• [Recorded information]:
══════════

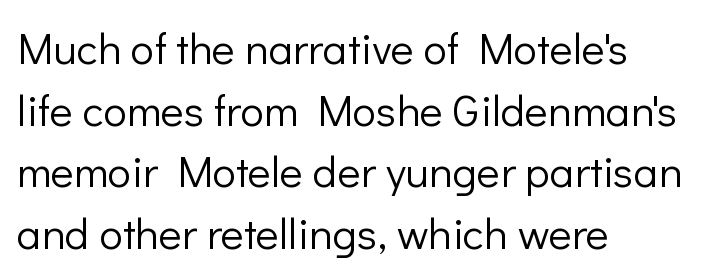
The letters sit at their default tracking, neither squeezed nor spread. The glyphs in this specimen are sans serif. Italic: no, the glyphs are upright roman. You could not count columns in this text — the font is proportionally spaced.
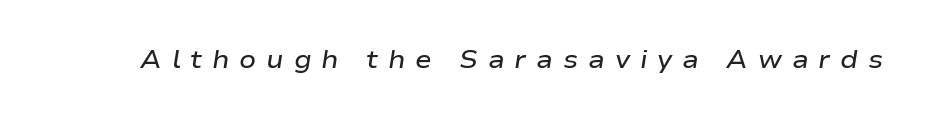
The image shows 25 px text type, italic (leaning right); set unusually wide letter spacing (+0.39 em), not underlined.
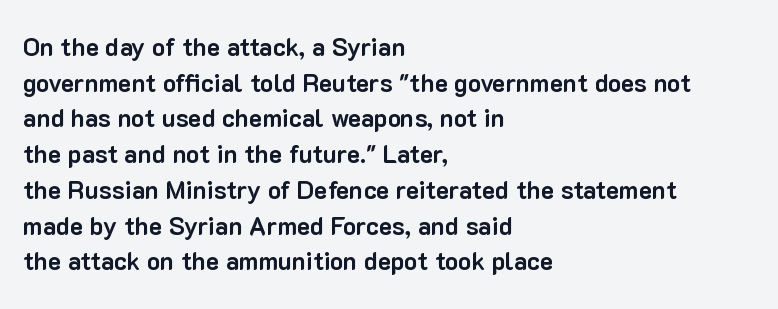
{"italic": "no", "bold": "yes", "underline": "no", "align": "left", "line_spacing": "normal", "line_spacing_ratio": 1.43, "letter_spacing": "normal", "letter_spacing_em": 0.0, "glyph_px": 25}

══════════

• [What you need to do]: Starting with the line that contains "The image shows", give the lines again exactly as they appear through the last line of the data, pictures excluded.

• [Output]:
The image shows 25 px text type, italic (leaning right); set unusually wide letter spacing (+0.39 em), not underlined.
{"italic": "no", "bold": "yes", "underline": "no", "align": "left", "line_spacing": "normal", "line_spacing_ratio": 1.43, "letter_spacing": "normal", "letter_spacing_em": 0.0, "glyph_px": 25}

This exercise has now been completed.